Reproduce exactly the final portion of the data: every line from the one containing "- **Objective**: Draw" through the last line, inclusive.

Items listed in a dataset
++++++++++++++++++++
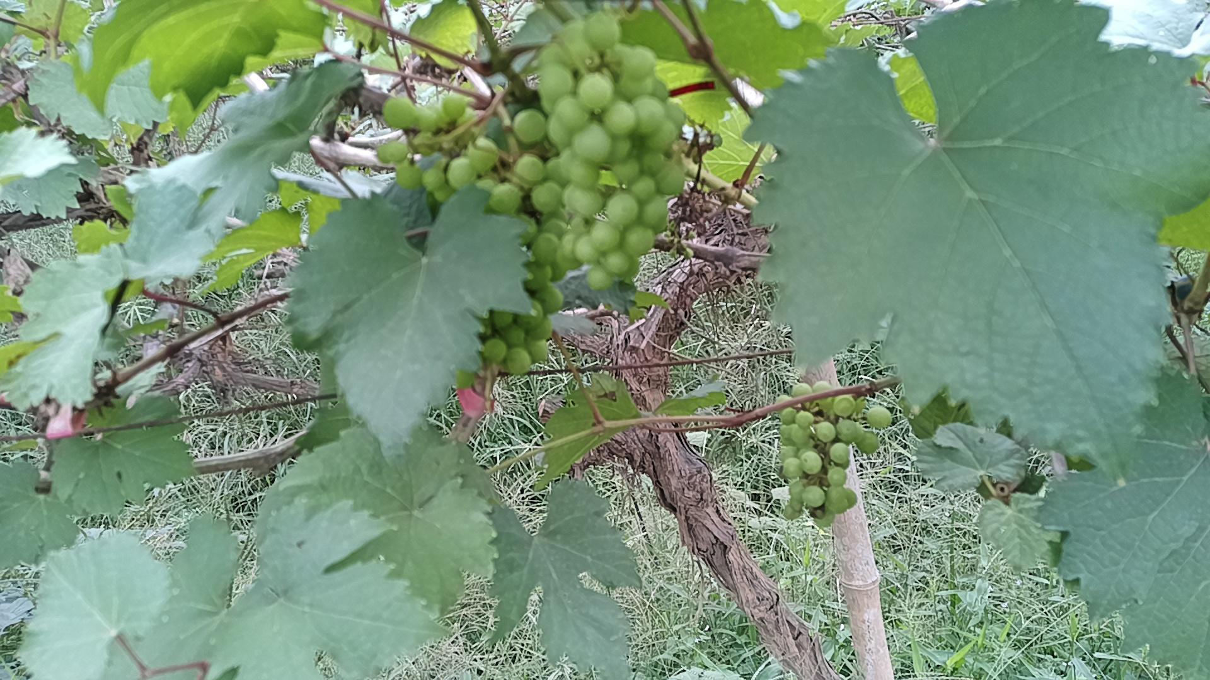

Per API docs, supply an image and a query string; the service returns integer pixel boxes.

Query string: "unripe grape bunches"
[773,381,891,527]
[375,83,585,387]
[538,13,684,288]
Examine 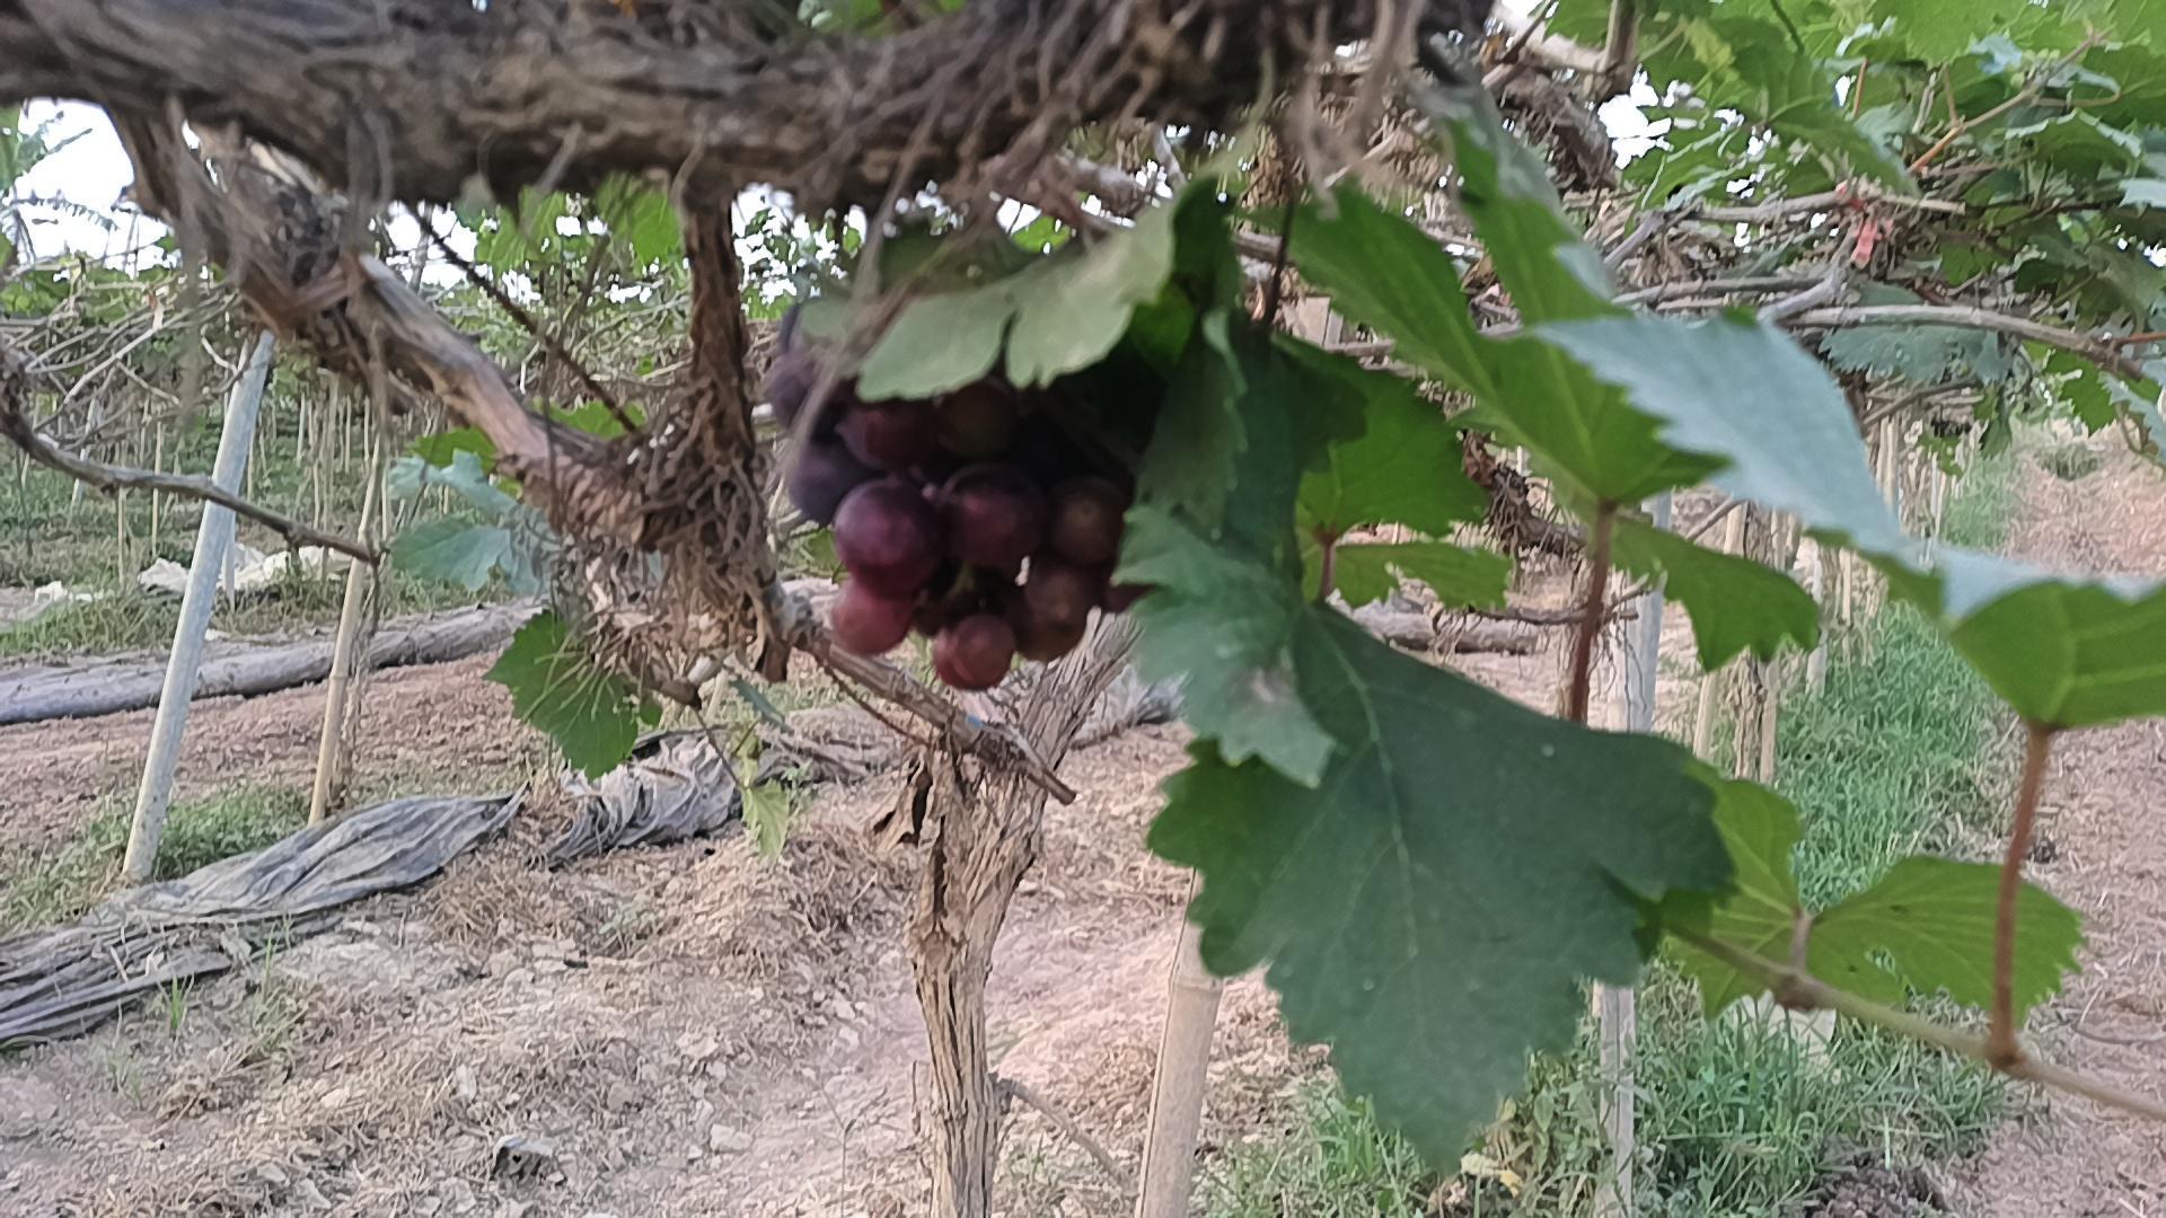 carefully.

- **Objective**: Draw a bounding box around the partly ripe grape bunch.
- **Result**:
++++++++++++++++++++
**RESULT**:
- **Objective**: Draw a bounding box around the partly ripe grape bunch.
- **Result**:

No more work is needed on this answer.